• _Supplied data_:
====
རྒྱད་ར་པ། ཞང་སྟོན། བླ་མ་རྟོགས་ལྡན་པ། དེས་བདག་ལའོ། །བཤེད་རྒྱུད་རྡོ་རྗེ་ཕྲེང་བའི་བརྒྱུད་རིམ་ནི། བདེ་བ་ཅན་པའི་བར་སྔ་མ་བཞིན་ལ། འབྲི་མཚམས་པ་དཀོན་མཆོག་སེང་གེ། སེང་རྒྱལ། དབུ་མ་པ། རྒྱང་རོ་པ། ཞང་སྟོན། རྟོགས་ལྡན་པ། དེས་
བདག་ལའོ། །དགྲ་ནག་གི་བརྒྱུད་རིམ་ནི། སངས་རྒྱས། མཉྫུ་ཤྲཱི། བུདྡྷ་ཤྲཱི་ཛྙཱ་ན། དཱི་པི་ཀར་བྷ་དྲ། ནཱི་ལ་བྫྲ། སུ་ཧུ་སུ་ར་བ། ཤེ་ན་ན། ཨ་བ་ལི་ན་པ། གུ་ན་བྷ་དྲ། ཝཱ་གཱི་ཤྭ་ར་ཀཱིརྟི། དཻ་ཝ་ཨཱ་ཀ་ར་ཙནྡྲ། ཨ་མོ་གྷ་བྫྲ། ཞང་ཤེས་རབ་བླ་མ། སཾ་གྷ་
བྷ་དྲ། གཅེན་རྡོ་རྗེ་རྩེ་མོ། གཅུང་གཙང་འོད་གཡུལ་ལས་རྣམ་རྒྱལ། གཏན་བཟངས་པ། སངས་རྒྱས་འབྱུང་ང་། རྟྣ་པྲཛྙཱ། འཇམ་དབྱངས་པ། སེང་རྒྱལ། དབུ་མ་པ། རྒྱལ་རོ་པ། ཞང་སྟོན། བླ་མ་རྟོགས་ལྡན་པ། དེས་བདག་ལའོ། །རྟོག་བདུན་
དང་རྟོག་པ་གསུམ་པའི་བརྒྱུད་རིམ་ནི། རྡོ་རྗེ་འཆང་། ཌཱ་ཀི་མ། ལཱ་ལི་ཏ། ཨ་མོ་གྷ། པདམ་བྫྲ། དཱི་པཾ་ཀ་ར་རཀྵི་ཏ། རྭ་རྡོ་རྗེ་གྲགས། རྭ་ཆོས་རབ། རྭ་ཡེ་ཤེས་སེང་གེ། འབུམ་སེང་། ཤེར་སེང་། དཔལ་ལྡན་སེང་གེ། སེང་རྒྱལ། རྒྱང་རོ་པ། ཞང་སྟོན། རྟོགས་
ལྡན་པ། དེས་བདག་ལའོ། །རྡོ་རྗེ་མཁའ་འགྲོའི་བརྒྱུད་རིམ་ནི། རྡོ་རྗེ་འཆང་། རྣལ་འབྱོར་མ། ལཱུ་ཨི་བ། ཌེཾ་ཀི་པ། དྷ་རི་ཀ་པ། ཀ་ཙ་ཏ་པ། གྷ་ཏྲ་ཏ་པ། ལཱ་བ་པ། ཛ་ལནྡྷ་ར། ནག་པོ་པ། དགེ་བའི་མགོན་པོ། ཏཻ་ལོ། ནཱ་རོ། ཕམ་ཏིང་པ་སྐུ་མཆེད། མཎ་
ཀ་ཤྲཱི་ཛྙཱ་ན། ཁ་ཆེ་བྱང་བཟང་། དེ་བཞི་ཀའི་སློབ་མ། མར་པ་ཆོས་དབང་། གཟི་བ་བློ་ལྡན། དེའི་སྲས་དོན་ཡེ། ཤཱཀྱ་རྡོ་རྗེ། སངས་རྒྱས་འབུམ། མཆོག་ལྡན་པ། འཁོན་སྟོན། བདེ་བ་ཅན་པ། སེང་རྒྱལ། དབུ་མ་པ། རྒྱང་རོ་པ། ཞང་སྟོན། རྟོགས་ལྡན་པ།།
====
• _Problem_:
Word for word, write out each of the records above.

• _Output for this exercise_:
རྒྱད་ར་པ། ཞང་སྟོན། བླ་མ་རྟོགས་ལྡན་པ། དེས་བདག་ལའོ། །བཤེད་རྒྱུད་རྡོ་རྗེ་ཕྲེང་བའི་བརྒྱུད་རིམ་ནི། བདེ་བ་ཅན་པའི་བར་སྔ་མ་བཞིན་ལ། འབྲི་མཚམས་པ་དཀོན་མཆོག་སེང་གེ། སེང་རྒྱལ། དབུ་མ་པ། རྒྱང་རོ་པ། ཞང་སྟོན། རྟོགས་ལྡན་པ། དེས་
བདག་ལའོ། །དགྲ་ནག་གི་བརྒྱུད་རིམ་ནི། སངས་རྒྱས། མཉྫུ་ཤྲཱི། བུདྡྷ་ཤྲཱི་ཛྙཱ་ན། དཱི་པི་ཀར་བྷ་དྲ། ནཱི་ལ་བྫྲ། སུ་ཧུ་སུ་ར་བ། ཤེ་ན་ན། ཨ་བ་ལི་ན་པ། གུ་ན་བྷ་དྲ། ཝཱ་གཱི་ཤྭ་ར་ཀཱིརྟི། དཻ་ཝ་ཨཱ་ཀ་ར་ཙནྡྲ། ཨ་མོ་གྷ་བྫྲ། ཞང་ཤེས་རབ་བླ་མ། སཾ་གྷ་
བྷ་དྲ། གཅེན་རྡོ་རྗེ་རྩེ་མོ། གཅུང་གཙང་འོད་གཡུལ་ལས་རྣམ་རྒྱལ། གཏན་བཟངས་པ། སངས་རྒྱས་འབྱུང་ང་། རྟྣ་པྲཛྙཱ། འཇམ་དབྱངས་པ། སེང་རྒྱལ། དབུ་མ་པ། རྒྱལ་རོ་པ། ཞང་སྟོན། བླ་མ་རྟོགས་ལྡན་པ། དེས་བདག་ལའོ། །རྟོག་བདུན་
དང་རྟོག་པ་གསུམ་པའི་བརྒྱུད་རིམ་ནི། རྡོ་རྗེ་འཆང་། ཌཱ་ཀི་མ། ལཱ་ལི་ཏ། ཨ་མོ་གྷ། པདམ་བྫྲ། དཱི་པཾ་ཀ་ར་རཀྵི་ཏ། རྭ་རྡོ་རྗེ་གྲགས། རྭ་ཆོས་རབ། རྭ་ཡེ་ཤེས་སེང་གེ། འབུམ་སེང་། ཤེར་སེང་། དཔལ་ལྡན་སེང་གེ། སེང་རྒྱལ། རྒྱང་རོ་པ། ཞང་སྟོན། རྟོགས་
ལྡན་པ། དེས་བདག་ལའོ། །རྡོ་རྗེ་མཁའ་འགྲོའི་བརྒྱུད་རིམ་ནི། རྡོ་རྗེ་འཆང་། རྣལ་འབྱོར་མ། ལཱུ་ཨི་བ། ཌེཾ་ཀི་པ། དྷ་རི་ཀ་པ། ཀ་ཙ་ཏ་པ། གྷ་ཏྲ་ཏ་པ། ལཱ་བ་པ། ཛ་ལནྡྷ་ར། ནག་པོ་པ། དགེ་བའི་མགོན་པོ། ཏཻ་ལོ། ནཱ་རོ། ཕམ་ཏིང་པ་སྐུ་མཆེད། མཎ་
ཀ་ཤྲཱི་ཛྙཱ་ན། ཁ་ཆེ་བྱང་བཟང་། དེ་བཞི་ཀའི་སློབ་མ། མར་པ་ཆོས་དབང་། གཟི་བ་བློ་ལྡན། དེའི་སྲས་དོན་ཡེ། ཤཱཀྱ་རྡོ་རྗེ། སངས་རྒྱས་འབུམ། མཆོག་ལྡན་པ། འཁོན་སྟོན། བདེ་བ་ཅན་པ། སེང་རྒྱལ། དབུ་མ་པ། རྒྱང་རོ་པ། ཞང་སྟོན། རྟོགས་ལྡན་པ།།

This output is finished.